Il sanglotait, ses énormes épaules toutes secouées… il oubliait le monde, le lieu où il se trouvait, et pourquoi il y était, et ce qu’il était venu y faire…

– Ah çà! fit-il en riant avec délices, rentrons chez nous… Comprends-tu cela?… chez nous?…

– Dans notre bonne petite maison de Meudon…

– Non… c’est-à-dire, si fait… c’est là!… Que diable faisons-nous ici?… Viens, rentrons…

– Ici! murmura Violetta reprise par un frisson d’épouvante.

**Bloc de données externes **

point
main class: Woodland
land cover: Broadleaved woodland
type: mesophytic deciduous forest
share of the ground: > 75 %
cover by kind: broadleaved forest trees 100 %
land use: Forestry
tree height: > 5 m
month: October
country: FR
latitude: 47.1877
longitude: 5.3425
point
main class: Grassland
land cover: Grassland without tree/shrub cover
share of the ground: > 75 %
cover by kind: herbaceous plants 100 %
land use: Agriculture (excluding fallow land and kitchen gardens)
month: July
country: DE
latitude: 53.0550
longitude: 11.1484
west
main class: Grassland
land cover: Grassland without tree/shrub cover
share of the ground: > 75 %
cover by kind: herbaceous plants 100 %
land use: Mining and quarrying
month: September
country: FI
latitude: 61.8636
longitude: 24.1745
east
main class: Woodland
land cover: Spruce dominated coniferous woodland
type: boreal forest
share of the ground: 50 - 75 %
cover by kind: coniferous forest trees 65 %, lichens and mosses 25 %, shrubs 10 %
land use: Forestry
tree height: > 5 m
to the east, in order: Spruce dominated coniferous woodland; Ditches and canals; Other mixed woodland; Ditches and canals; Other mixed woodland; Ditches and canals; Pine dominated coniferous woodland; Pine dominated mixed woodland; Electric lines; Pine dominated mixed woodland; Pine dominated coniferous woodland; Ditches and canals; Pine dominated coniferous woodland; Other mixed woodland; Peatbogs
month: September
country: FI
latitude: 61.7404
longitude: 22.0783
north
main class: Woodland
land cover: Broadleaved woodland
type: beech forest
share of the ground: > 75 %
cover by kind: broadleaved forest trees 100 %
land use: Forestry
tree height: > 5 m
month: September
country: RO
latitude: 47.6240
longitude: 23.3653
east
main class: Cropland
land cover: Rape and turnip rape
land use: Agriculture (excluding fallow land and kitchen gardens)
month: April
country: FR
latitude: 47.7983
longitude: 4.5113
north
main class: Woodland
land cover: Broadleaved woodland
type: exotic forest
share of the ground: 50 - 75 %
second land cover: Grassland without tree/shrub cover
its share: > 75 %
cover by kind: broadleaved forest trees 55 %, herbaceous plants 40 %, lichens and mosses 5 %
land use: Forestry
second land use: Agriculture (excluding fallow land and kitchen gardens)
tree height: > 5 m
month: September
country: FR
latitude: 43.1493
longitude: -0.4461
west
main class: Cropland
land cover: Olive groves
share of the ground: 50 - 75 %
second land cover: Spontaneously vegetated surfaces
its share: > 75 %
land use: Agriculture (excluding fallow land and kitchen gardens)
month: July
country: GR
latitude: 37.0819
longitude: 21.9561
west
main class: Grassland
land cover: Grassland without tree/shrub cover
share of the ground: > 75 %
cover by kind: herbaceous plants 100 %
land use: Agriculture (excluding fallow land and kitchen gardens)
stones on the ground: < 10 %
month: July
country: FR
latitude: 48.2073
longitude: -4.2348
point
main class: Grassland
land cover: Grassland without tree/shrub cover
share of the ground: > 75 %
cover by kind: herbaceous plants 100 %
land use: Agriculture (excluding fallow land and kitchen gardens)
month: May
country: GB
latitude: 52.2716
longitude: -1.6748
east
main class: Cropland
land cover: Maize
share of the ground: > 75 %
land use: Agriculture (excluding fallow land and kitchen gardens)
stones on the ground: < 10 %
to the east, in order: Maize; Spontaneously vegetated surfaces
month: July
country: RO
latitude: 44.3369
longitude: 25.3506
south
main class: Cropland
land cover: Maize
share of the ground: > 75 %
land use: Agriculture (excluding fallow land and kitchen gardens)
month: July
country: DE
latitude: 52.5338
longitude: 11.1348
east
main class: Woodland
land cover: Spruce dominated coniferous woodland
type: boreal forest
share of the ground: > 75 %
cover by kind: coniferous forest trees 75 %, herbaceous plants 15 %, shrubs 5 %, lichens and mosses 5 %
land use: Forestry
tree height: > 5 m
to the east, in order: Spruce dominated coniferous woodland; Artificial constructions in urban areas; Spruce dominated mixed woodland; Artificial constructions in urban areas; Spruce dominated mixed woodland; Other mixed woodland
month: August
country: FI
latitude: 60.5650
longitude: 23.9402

Oh! Père… qu’est-ce donc, ici?…

– Ici!…

Claude jeta ce mot comme une clameur d’enfer. Son visage se convulsa Ses regards eurent des lueurs de folie. Il répéta en grelottant:

– Ici!… Nous sommes ici!…

– Père, père! quelle horrible angoisse vous saisit! Oh! j’ai peur! Qu’est-ce donc que cette maison?…

– Ce que c’est! gronda Claude qui tressaillit, passa une main sur son front et jeta autour de lui des yeux hagards. Ce que c’est!… Oh!… je me souviens!… Damnation! Fuyons… vite, fuyons!…

Il se releva d’un bond, saisit par un bras la jeune fille terrifiée par cette expression d’horreur qui éclatait soudain dans la voix de son père… À ce moment la porte s’ouvrit. Fausta parut, voilée de noir.